This article mainly introduces some tutorials on using natural language tools in Python. This article is from the IBM official website technical documentation, for more information, see NLTK. it is an excellent tool for teaching Python and practicing computational linguistics. In addition, computational linguistics is closely related to artificial intelligence, language/specialized language recognition, translation, syntax check, and other fields.
What does NLTK include?
NLTK is naturally seen as a series of layers with stack structures built on each other. For those who are familiar with grammar and parsing in human languages (such as Python), it is not very difficult to understand the similar-but more profound-layer in natural language models.
Glossary
Corpora: a collection of related texts.
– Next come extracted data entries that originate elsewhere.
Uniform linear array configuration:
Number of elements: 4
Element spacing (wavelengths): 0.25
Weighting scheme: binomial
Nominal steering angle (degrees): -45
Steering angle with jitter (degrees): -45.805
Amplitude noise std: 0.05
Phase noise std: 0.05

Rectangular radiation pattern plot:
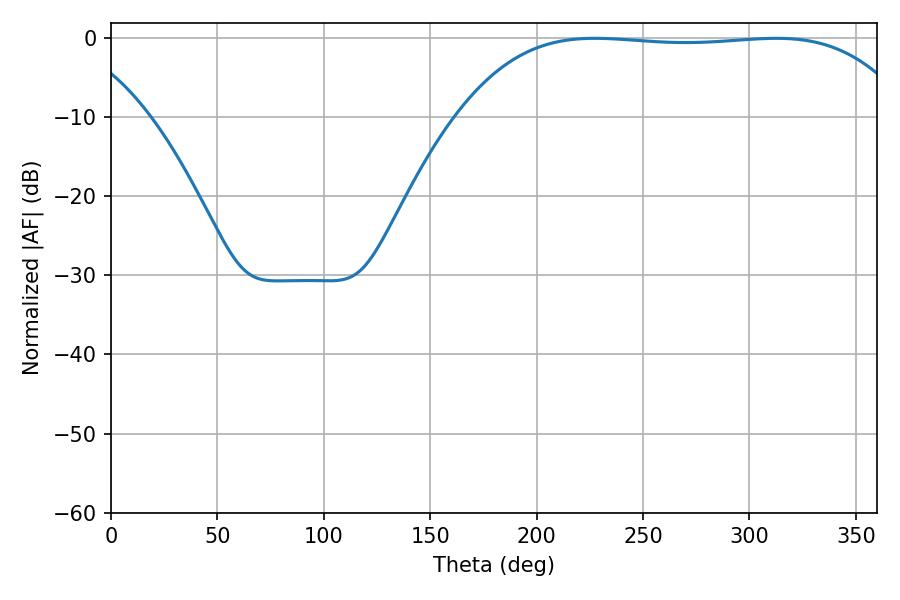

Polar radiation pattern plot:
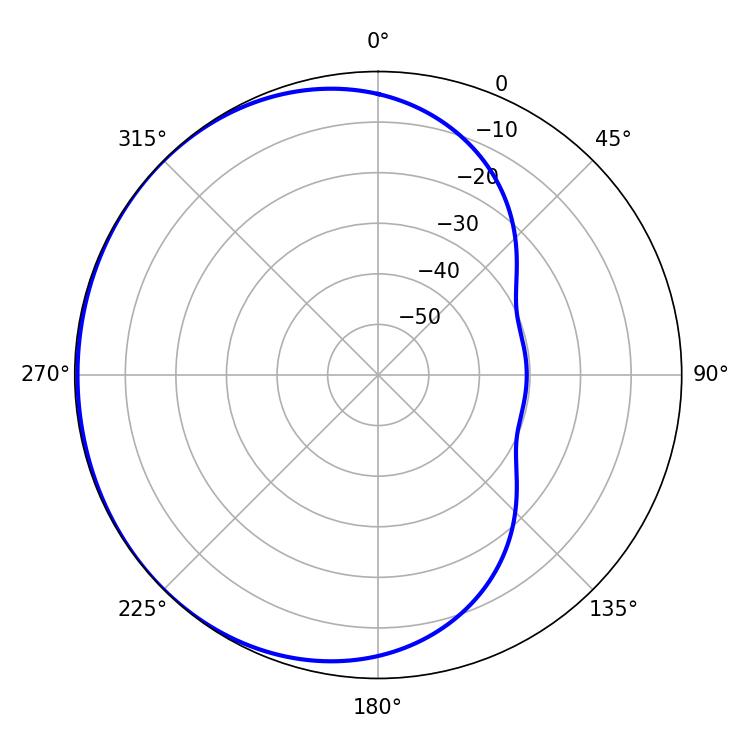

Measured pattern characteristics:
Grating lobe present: FALSE
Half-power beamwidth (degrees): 165.6
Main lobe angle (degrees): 227.34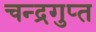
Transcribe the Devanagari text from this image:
चन्‍द्रगुप्‍त
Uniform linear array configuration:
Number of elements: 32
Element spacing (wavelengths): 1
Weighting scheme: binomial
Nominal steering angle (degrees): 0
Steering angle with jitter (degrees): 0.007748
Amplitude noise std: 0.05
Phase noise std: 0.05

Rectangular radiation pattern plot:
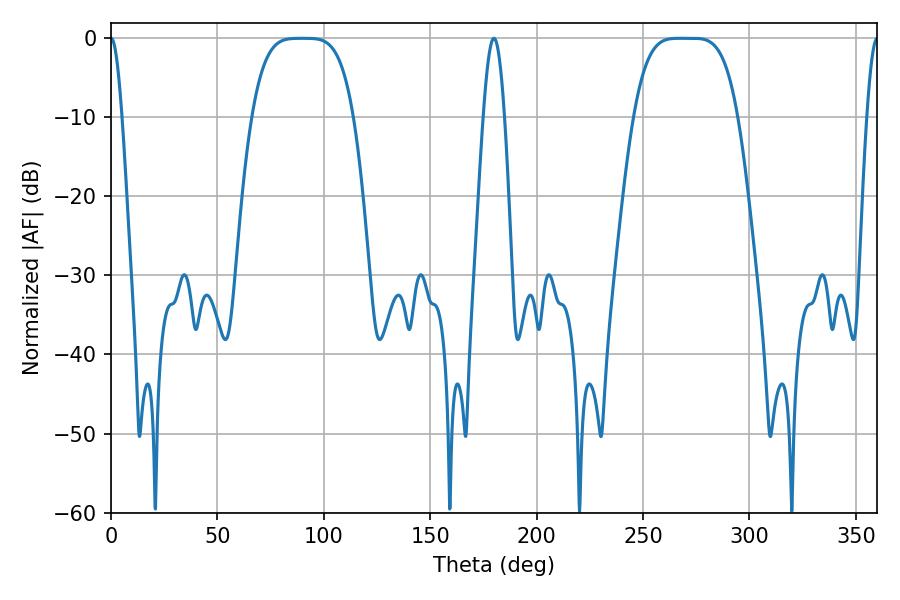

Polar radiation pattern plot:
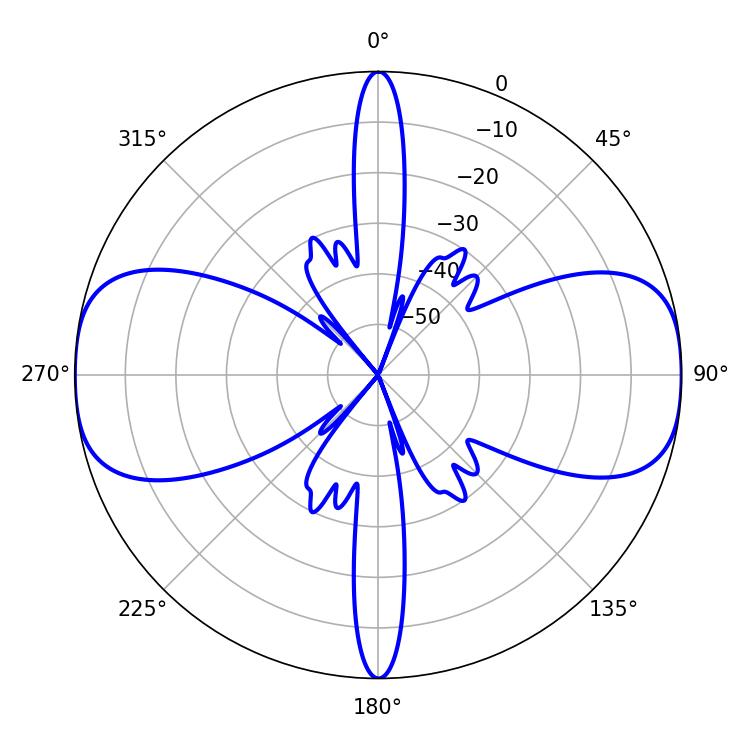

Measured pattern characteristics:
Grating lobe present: TRUE
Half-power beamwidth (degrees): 36
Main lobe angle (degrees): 272.7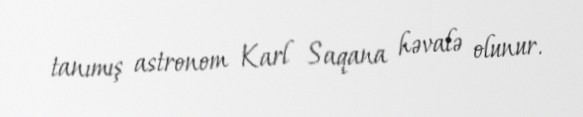
tanımış astronom Karl Saqana həvalə olunur.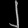
Digit: ၂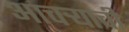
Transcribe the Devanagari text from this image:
आचऱ्याची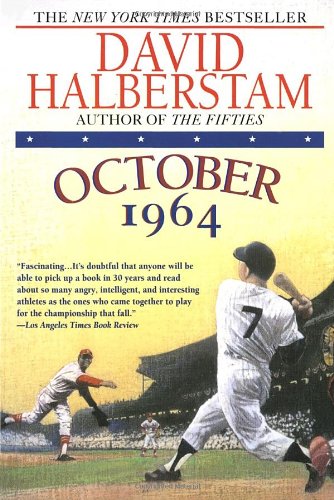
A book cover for Oct-64; David Halberstam; History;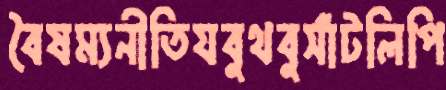
বৈষম্যনীতিযবুথবুসাঁটলিপি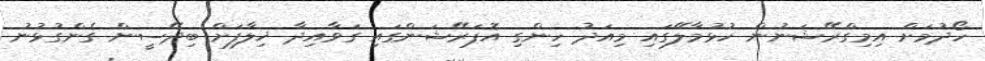
ހޯދުމަށް އިމިގްރޭޝަނުން ހުޅުމާލޭގައި މިއަދު ހިންގި އޮޕަރޭޝަންގައި ގަވާއިދާ ޚިލާފަށް ބިދޭސީން ގެންގުޅުނު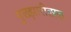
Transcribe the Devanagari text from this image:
गुलझारीलाल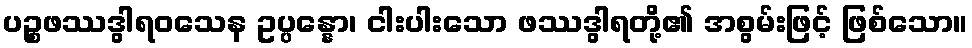
ပဉ္စဖဿဒွါရဝသေန ဥပ္ပန္နော၊ ငါးပါးသော ဖဿဒွါရတို့၏ အစွမ်းဖြင့် ဖြစ်သော။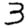
Digit: 3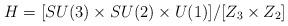
LaTeX: \begin{align*}H= [SU(3)\times SU(2)\times U(1)]/[Z_3\times Z_2] \end{align*}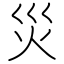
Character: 災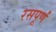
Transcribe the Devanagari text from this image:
रसपूर्णं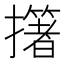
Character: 𢷷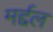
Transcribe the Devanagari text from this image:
मर्द्दल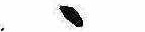
ゝ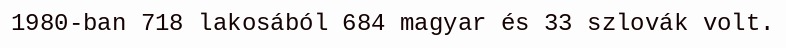
1980-ban 718 lakosából 684 magyar és 33 szlovák volt.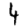
Digit: 4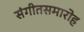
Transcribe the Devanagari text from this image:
संगीतसमारोह
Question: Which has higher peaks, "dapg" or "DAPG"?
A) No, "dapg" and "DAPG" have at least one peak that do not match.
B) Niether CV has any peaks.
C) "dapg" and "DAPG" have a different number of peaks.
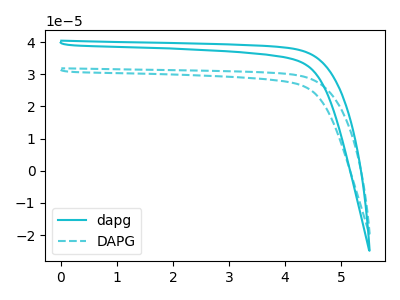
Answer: <think>The cyan curve "dapg" has no peaks. The cyan dashed curve "DAPG" has no peaks.</think>
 <answer>B) Niether CV has any peaks.</answer>
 <eval>B</eval>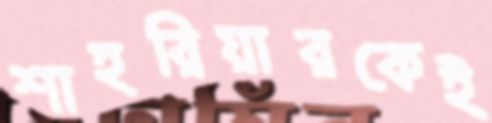
শাহরিয়ারকেই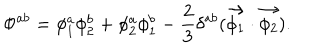
LaTeX: \Phi ^ { a b } = \phi _ { 1 } ^ { a } \phi _ { 2 } ^ { b } + \phi _ { 2 } ^ { a } \phi _ { 1 } ^ { b } - \frac { 2 } { 3 } \delta ^ { a b } ( \vec { \phi _ { 1 } } \cdot \vec { \phi _ { 2 } } ) .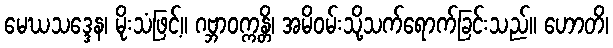
မေဃသဒ္ဒေန၊ မိုးသံဖြင့်။ ဂဗ္ဘာဝက္ကန္တိ၊ အမိဝမ်းသို့သက်ရောက်ခြင်းသည်။ ဟောတိ၊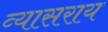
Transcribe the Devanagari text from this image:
व्यासराय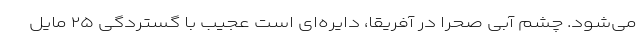
می‌شود. چشم آبی صحرا در آفریقا، دایره‌ای است عجیب با گستردگی ۲۵ مایل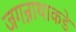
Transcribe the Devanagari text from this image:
जगन्नाथाकडे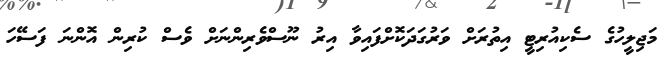
މަޖިލީހުގެ ސެކިއުރިޓީ އިތުރަށް ވަރުގަދަކޮށްފައިވާ އިރު ނޫސްވެރިންނަށް ވެސް ކުރިން އޮންނަ ފަސޭހަ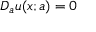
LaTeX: D _ { a } u ( x ; a ) = 0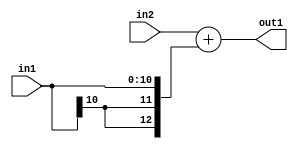
`timescale 1ps / 1ps
/*****************************************************************************
    Verilog RTL Description
    
    
    Created by: Stratus DpOpt 2019.1.01 
*******************************************************************************/

module SobelFilter_Add_13Sx11S_13S_4 (
	in2,
	in1,
	out1
	); /* architecture "behavioural" */ 
input [12:0] in2;
input [10:0] in1;
output [12:0] out1;
wire [12:0] asc001;

assign asc001 = 
	+(in2)
	+({{2{in1[10]}}, in1});

assign out1 = asc001;
endmodule

/* CADENCE  ubP0SA8= : u9/ySgnWtBlWxVPRXgAZ4Og= ** DO NOT EDIT THIS LINE ******/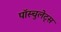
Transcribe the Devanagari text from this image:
पॉस्चुलेट्स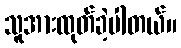
သူအားထုတ်ခဲ့ပါတယ်။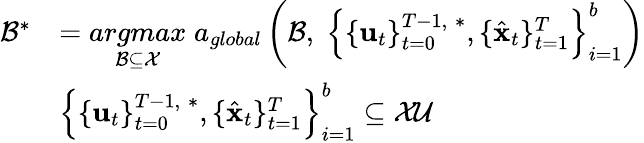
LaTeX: \begin{array}{rl}{\mathcal{B}^{*}}&{=\underset{\mathcal{B\subseteq\mathcal{X}}}{argmax}\; a_{global}\left(\mathcal{B},\; \left\{ \{ \mathbf{u}_{t}\} _{t=0}^{T-1,\; *},\{ \hat{\mathbf{x}}_{t}\} _{t=1}^{T}\right\} _{i=1}^{b}\right)}\\ &{\left\{ \{ \mathbf{u}_{t}\} _{t=0}^{T-1,\; *},\{ \hat{\mathbf{x}}_{t}\} _{t=1}^{T}\right\} _{i=1}^{b}\subseteq\mathcal{XU}}\end{array}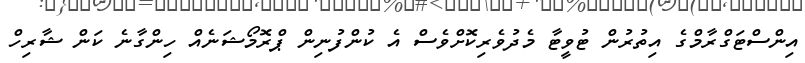
އިންސްޓަގްރާމްގެ އިތުރުން ޓުވީޓާ މެދުވެރިކޮށްވެސް އެ ކުންފުނިން ޕްރޮމޯޝަނެއް ހިންގާނެ ކަން ޝާރިހް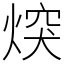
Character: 㷝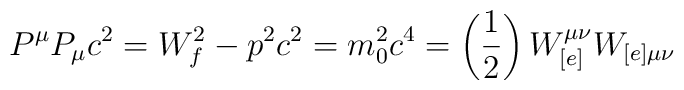
P^{\mu}P_{\mu} c^{2} = W_{f}^{2} - p^{2} c^{2} = m_{0}^{2} c^{4} = \left(\frac{1}{2}\right) W_{[e]}^{\mu\nu}W_{[e]\mu\nu}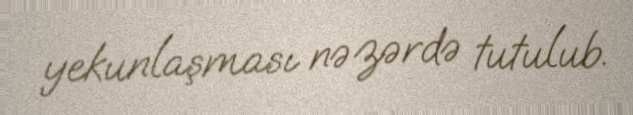
yekunlaşması nəzərdə tutulub.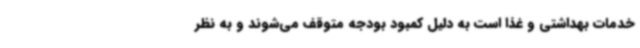
خدمات بهداشتی و غذا است به دلیل کمبود بودجه متوقف می‌شوند و به نظر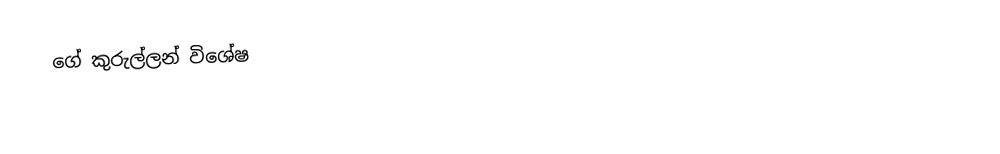
ගේ කුරුල්ලන් විශේෂ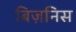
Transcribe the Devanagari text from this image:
बिज़निस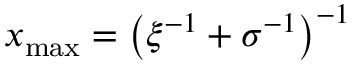
x _ { \mathrm { m a x } } = \left( \xi ^ { - 1 } + \sigma ^ { - 1 } \right) ^ { - 1 }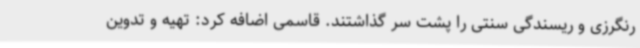
رنگرزی و ریسندگی سنتی را پشت سر گذاشتند. قاسمی اضافه کرد: تهیه و تدوین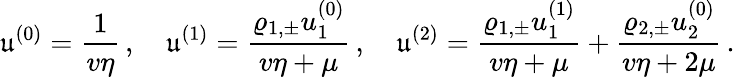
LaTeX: \mathfrak{u}^{(0)}=\frac{1}{v\eta}\, ,\quad\mathfrak{u}^{(1)}=\frac{\varrho_{1,\pm}u_{1}^{(0)}}{v\eta+\mu}\, ,\quad\mathfrak{u}^{(2)}=\frac{\varrho_{1,\pm}u_{1}^{(1)}}{v\eta+\mu}+\frac{\varrho_{2,\pm}u_{2}^{(0)}}{v\eta+2\mu}\, .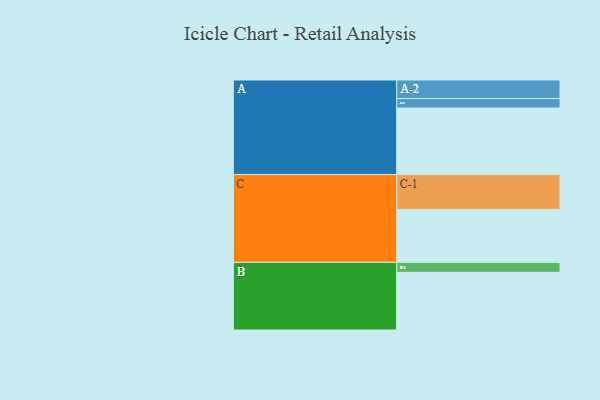
{"axis": {"x": "Segment", "y": "Value"}, "legend": ["", "A", "B", "C"], "data": [{"x": "A", "y": 539, "type": ""}, {"x": "B", "y": 467, "type": ""}, {"x": "C", "y": 429, "type": ""}, {"x": "A-1", "y": 77, "type": "A"}, {"x": "A-2", "y": 150, "type": "A"}, {"x": "B-1", "y": 81, "type": "B"}, {"x": "C-1", "y": 282, "type": "C"}]}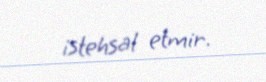
istehsal etmir.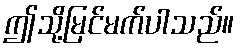
ဤသို့မြင်မက်ပါသည်။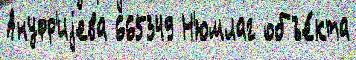
Ануфр'иjева 665349 Н'юмлаг объе́кта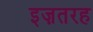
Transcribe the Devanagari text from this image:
इज़तरह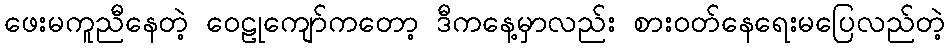
ဖေးမကူညီနေတဲ့ ဝေဠုကျော်ကတော့ ဒီကနေ့မှာလည်း စားဝတ်နေရေးမပြေလည်တဲ့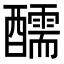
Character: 醹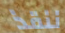
ننقذ

For example, Shakespeare's work may be collectively referred to as a collection (corpus), and the work of several authors is called the complete set.
Histogram (Histogram): Statistical distribution of the frequency of occurrence of different words, letters, or other items in a dataset.
Syntagmatic: the study of segments, that is, the continuous statistical relationship of letters, words, or phrases in the complete set.
Context-free grammar: The second class in the Noam Chomsky level consisting of four formal syntaxes. See references for detailed descriptions.
Although NLTK comes with many complete sets that have been pre-processed (usually manually) to different degrees, each layer is dependent on adjacent lower-level processing. First, Break the word, then add a tag for the word, and then parse the group of words into a syntax element, such as a noun phrase or sentence (depending on one of several technologies, each technology has its own advantages and disadvantages). Finally, the final statements or other syntax units are classified. Through these steps, NLTK allows you to generate statistics on the occurrence of different elements, and draw a chart describing the processing process itself or the total statistical results.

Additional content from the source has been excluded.